Ignore your agency culture at your peril

culture is not a fussball table

A healthy agency culture is critical – so why do you neglect it?

What came first, the culture or the foosball table? Was it the attitude of the founder that created an approach that spawned a business or once the business got going, did an agency culture evolve?

The answer is probably yes. Founders have an impact on agency culture, and that impact can continue to be felt for years or it can dilute and evolve over time. But one thing never changes. All companies have one. Whether you like it or not, whether you “believe in culture” or if you think it is an unnecessary new age distraction, it exists in your business. As leaders and managers, you can often have a more immediate impact on that culture than others, so you have a responsibility to recognise and nurture it.

As Steve Gruenert and Todd Whitaker so wisely said, “The culture of any organisation is shaped by the worst behaviour the leader is willing to tolerate.” I often quote this to my clients (hard to believe the phrase was only coined in 2015 from their book School Culture Rewired: How to Define, Asses, and Transform It). It’s a brilliant observation on several levels:

  • It insists you recognise that a culture exists in your business, even if you don’t acknowledge or care for it.
  • It links culture to behaviour. A lot of firms define their values but far fewer define what behaviours they expect within their community.
  • It identifies that it is your willingness to tolerate specific behaviour that impacts culture within your business.
  • It implies that tolerance is to be cherished and nurtured, not neglected and despised.

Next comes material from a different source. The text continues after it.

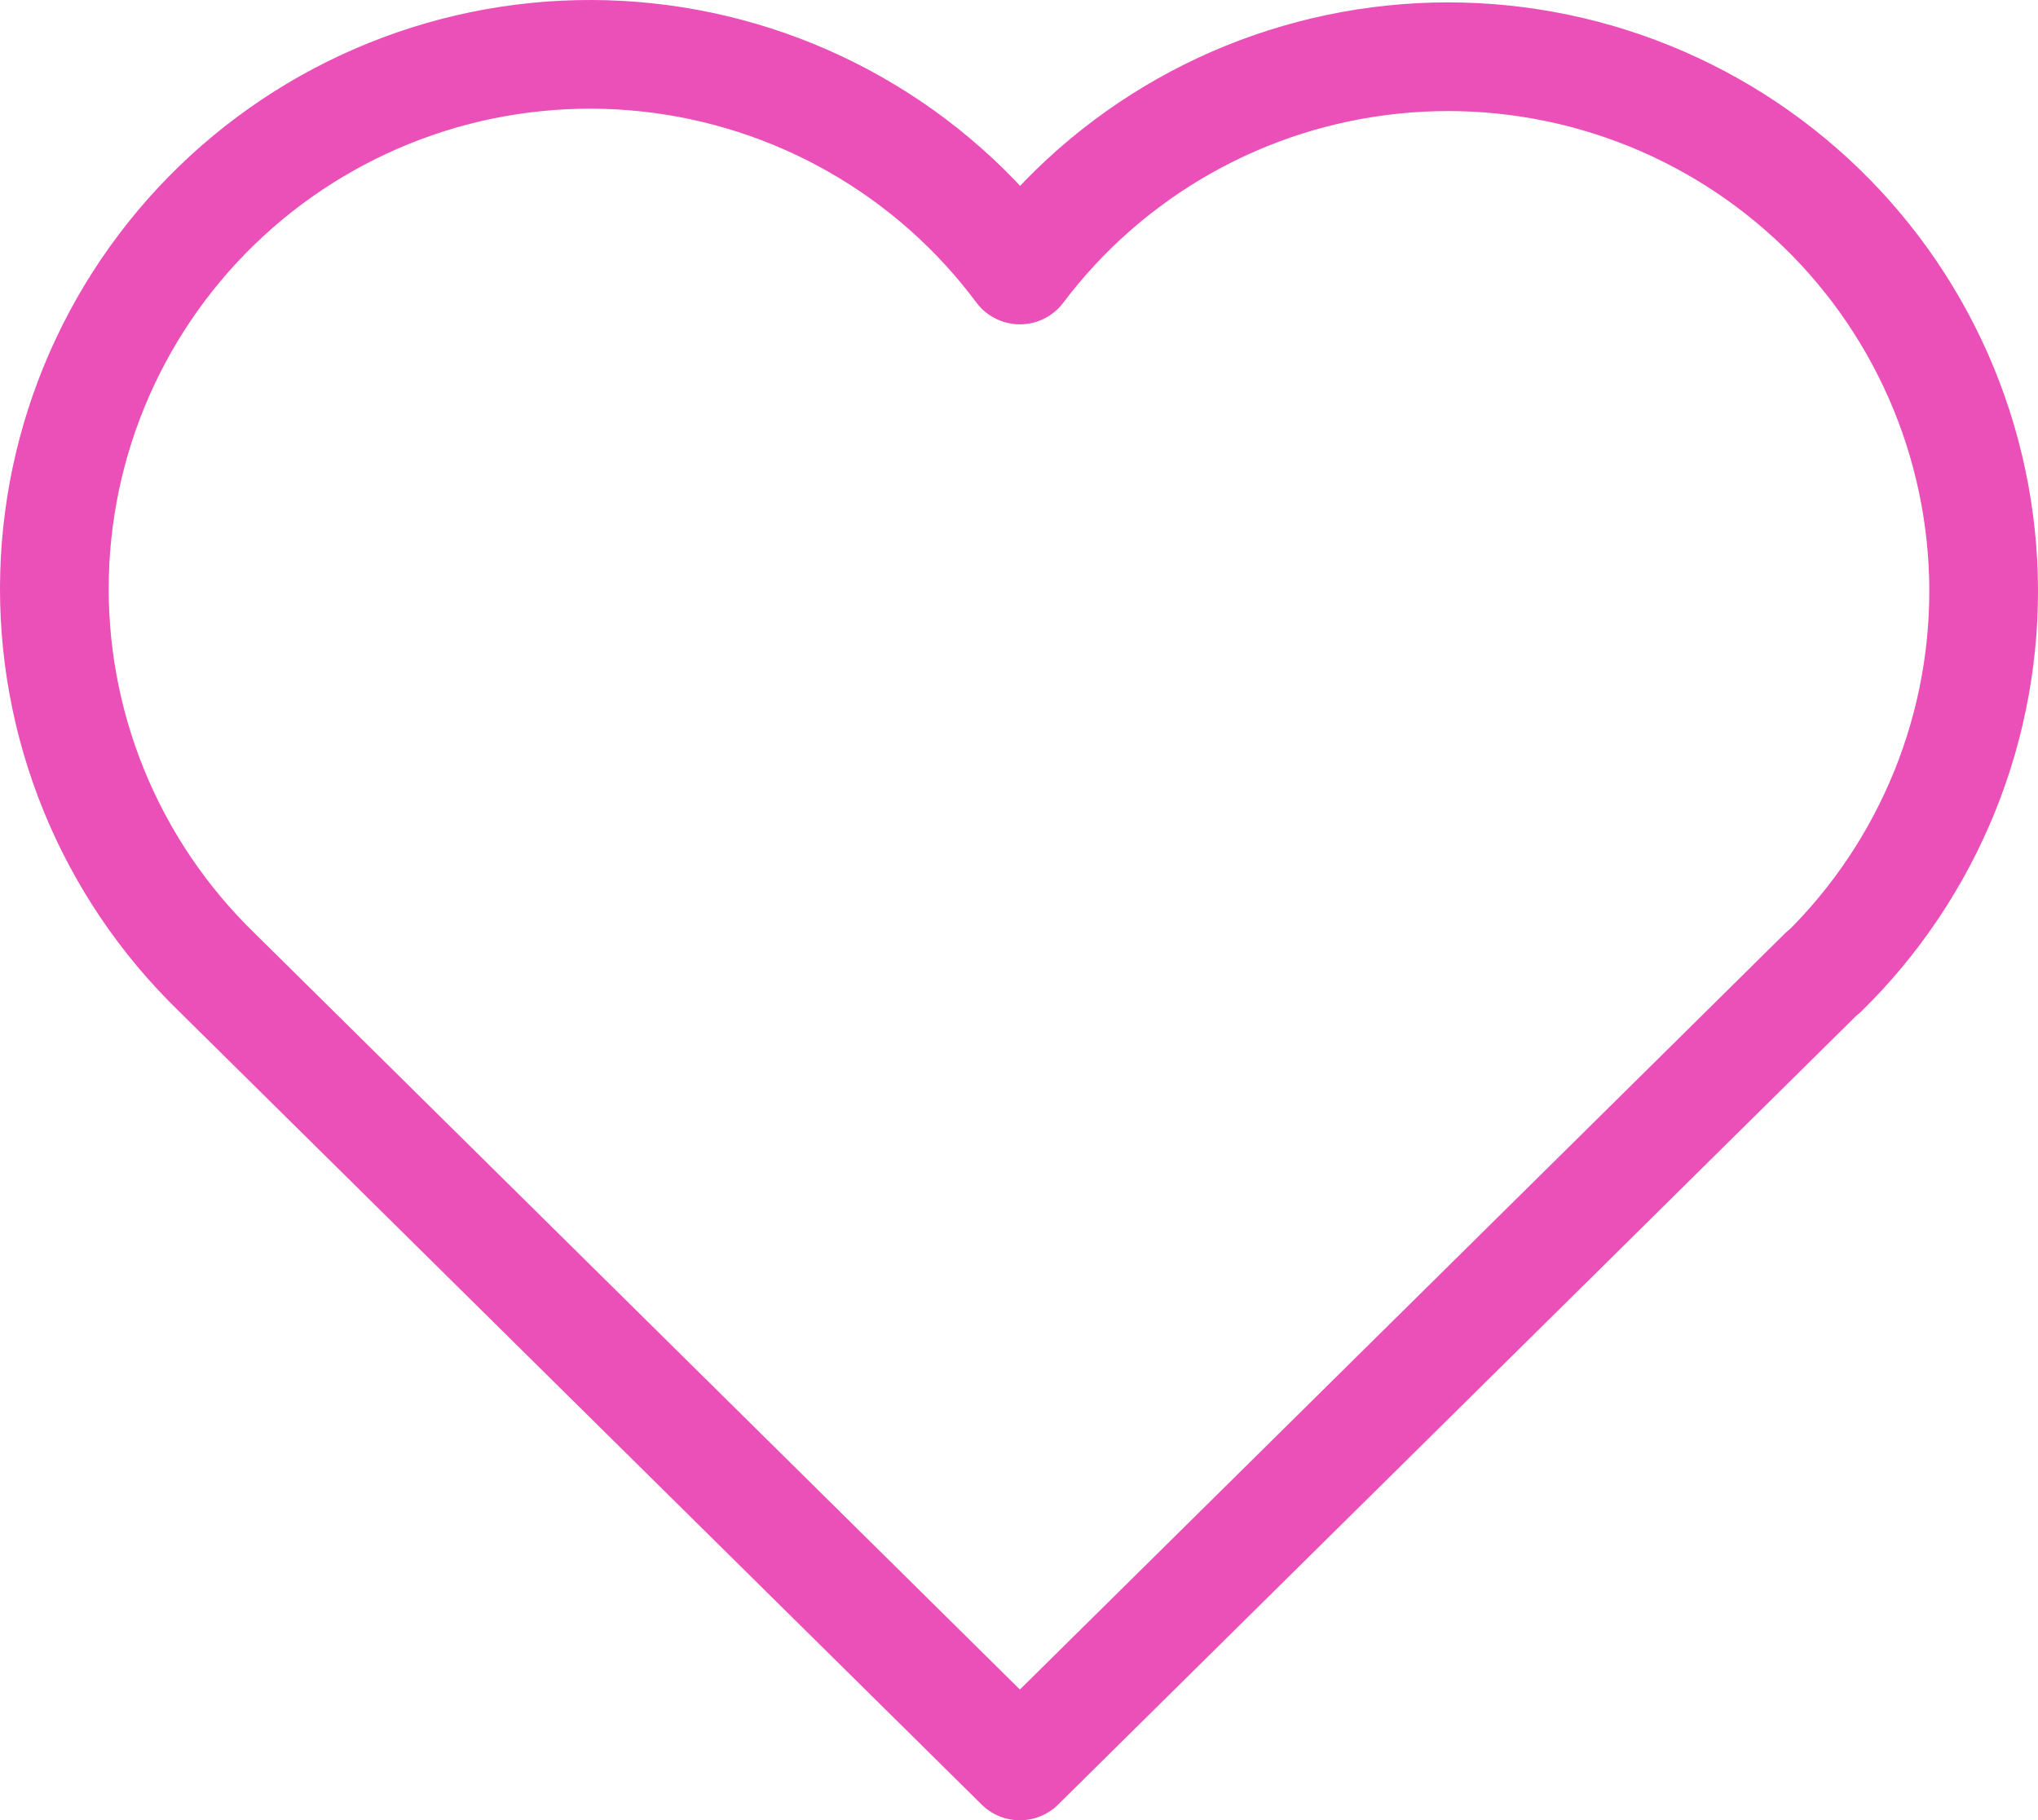 <svg width="75" height="67" viewBox="0 0 75 67" fill="none" xmlns="http://www.w3.org/2000/svg">
<path d="M67.101 35.773L37.533 65L7.965 35.773C6.015 33.879 4.478 31.602 3.453 29.087C2.428 26.571 1.935 23.87 2.007 21.155C2.078 18.44 2.713 15.77 3.869 13.311C5.026 10.853 6.68 8.66 8.728 6.871C10.775 5.082 13.172 3.736 15.766 2.916C18.361 2.097 21.097 1.823 23.803 2.111C26.509 2.399 29.126 3.243 31.489 4.59C33.852 5.937 35.91 7.758 37.533 9.938C39.163 7.774 41.224 5.969 43.585 4.636C45.946 3.304 48.558 2.472 51.256 2.193C53.954 1.913 56.681 2.193 59.266 3.014C61.851 3.836 64.239 5.18 66.279 6.965C68.319 8.749 69.969 10.934 71.124 13.384C72.279 15.834 72.915 18.495 72.992 21.202C73.069 23.908 72.586 26.601 71.572 29.113C70.558 31.624 69.036 33.9 67.101 35.797" stroke="#EB4FB8" stroke-width="4" stroke-linecap="round" stroke-linejoin="round"/>
</svg>

Whenever I quote that, it’s normally followed by a small pause and then nodding. It is so unarguably true. And it is so clearly correct. Yet it comes to many as a revelation. Within that reaction is a clue to the importance of a strong, supportive, consistent culture. We instinctively know that cultures exist, and that they impact our businesses and that we can affect them. And yet we don’t seem to prioritise agency culture. We struggle to quantify the impact of a strong culture and the impact of cultural activity on success. “If you can’t measure it, don’t do it” has become a reflex in recent times. If you can’t quantify the outcome, the implication is that the outcome is somehow less important. With agency culture, or for that matter society as a whole, we couldn’t be more wrong. And we know it!

We’ve all worked in businesses with toxic cultures. Where there is weak or divisive leadership, where the bad apples are tolerated, or worse, pandered to. Morale falls, productivity declines, good people leave. Clients smell it. Candidates can sense it. There’s no hiding a toxic culture. I once interviewed for a Robert Maxwell organisation and interviewer after interviewer told me (one way or another) how dreadful a place it was to work. So we know there is a material impact, we just struggle to tie culture to specific financial impacts.

I keep coming back to one key observation when I am looking at organisations. Most poor cultures are not created by evil megalomaniacs. They are created by nice people. Decent people who are well intended. Thoughtful, bright and considerate people who don’t see nurturing culture as a priority. It feels neither urgent, not important, when compared to retaining a client, winning a pitch or recruiting for that oh-so-pivotal role. Damaging cultures exist because of de-prioritisation, neglect and a lack of focus. All of which can be easily addressed*. Here’s what you might consider:

  • What is the culture within your business? What does culture mean to your team? If you can’t define it, you can’t affect it.
  • Does everyone, particularly in your leadership team in the early days of cultural change, really buy in to the value of culture? If they don’t, you will fail.
  • Do you have someone accountable for culture in your business? If not, find the culture advocate (they can be anywhere).
  • If you do, is their report the one you “never quite get to” in your leadership team meetings? Q.E.D.
  • Have you defined the impact you expect a thriving culture to have on your business? If not, do so.
  • Do you quantify the impact of cultural initiatives? It’s hard, but there are many indirect indicators you could measure.
  • Accept that you can’t control exactly the type of culture that will evolve. You create the environment for a great culture to develop, but you’ll be surprised the shape it takes.
  • Behaviours dictate culture. What you do trumps what you say every time.
  • Don’t allow yourself to be distracted by the sticking plasters of culture such as free fruit or a foosball table – these things are consequential in a strong culture.

So what did come first – the culture or the foosball table? You tell me.

* By “easily” I mean with great effort, changes in behaviour across your entire business and by reprioritising your time. You know the kind of easy I mean here!